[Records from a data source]
● ● ● ● ●
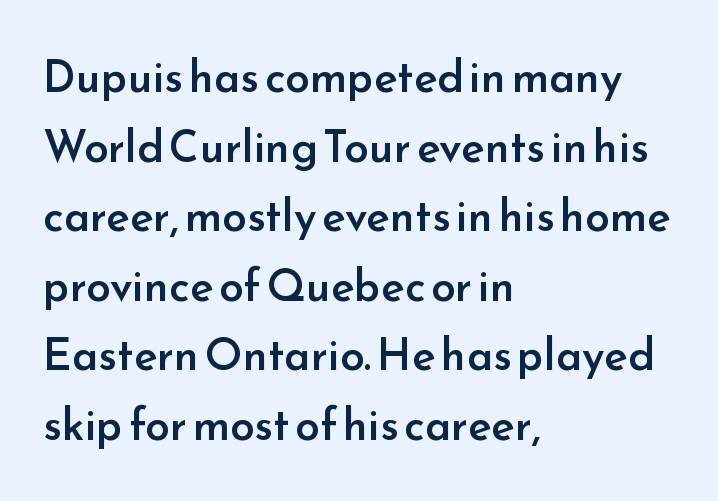
{"serif": "no", "italic": "no", "bold": "semi", "weight": "semibold", "width": "normal", "stroke_contrast": "low", "x_height": "small", "monospaced": "no", "underline": "no", "align": "left", "line_spacing": "normal", "line_spacing_ratio": 1.58, "letter_spacing": "normal", "letter_spacing_em": 0.0, "glyph_px": 44}
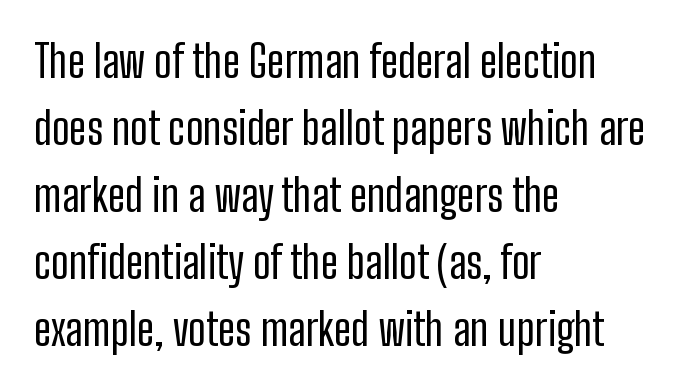
The image shows 44 px regular-weight, condensed sans-serif type, upright; set left-aligned, normal line spacing (1.52x), normal letter spacing, not underlined; low stroke contrast and a medium x-height.
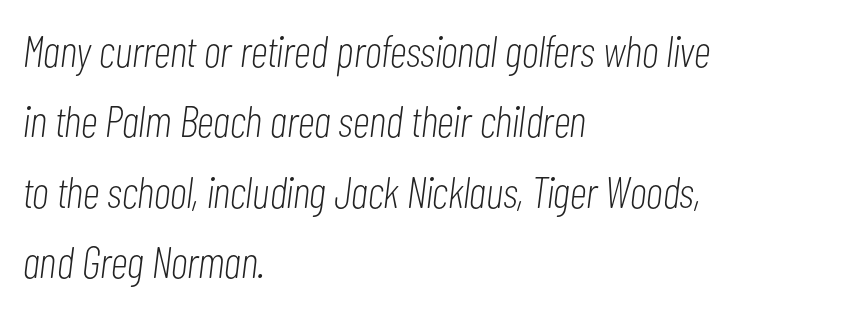
Q: Is the text bold? A: No.
Q: Is the text italic (slanted)? A: Yes, it leans right by about 7 degrees.
Q: Is the text underlined? A: No.
Q: How is the paragraph aligned? A: Left-aligned.
Q: Is the spacing between letters normal or unusually wide? A: Normal.
Q: Is the spacing between lines tight, normal or loose? A: Normal.
Q: Width (condensed, normal, or wide)? A: Condensed.
Q: Stroke contrast? A: Low.
Q: x-height? A: Medium.
Q: Monospaced? A: No.
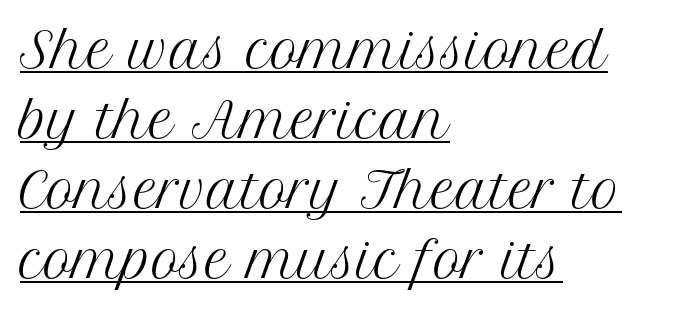
{"serif": "yes", "bold": "no", "weight": "regular", "width": "normal", "stroke_contrast": "medium", "x_height": "medium", "monospaced": "no", "underline": "yes", "align": "left", "line_spacing": "normal", "line_spacing_ratio": 1.46, "letter_spacing": "normal", "letter_spacing_em": 0.0, "glyph_px": 48}
● ● ● ● ●
== WHAT YOU WILL DO ==
Only one stretch of the data above is needed. Restate it word for word, from the line containing "Q: Is the text italic" through the line containing "Q: Is the spacing between letters", both ends included.

== EXPECTED ANSWER ==
Q: Is the text italic (slanted)? A: Yes, it leans right by about 7 degrees.
Q: Is the text underlined? A: No.
Q: How is the paragraph aligned? A: Left-aligned.
Q: Is the spacing between letters normal or unusually wide? A: Normal.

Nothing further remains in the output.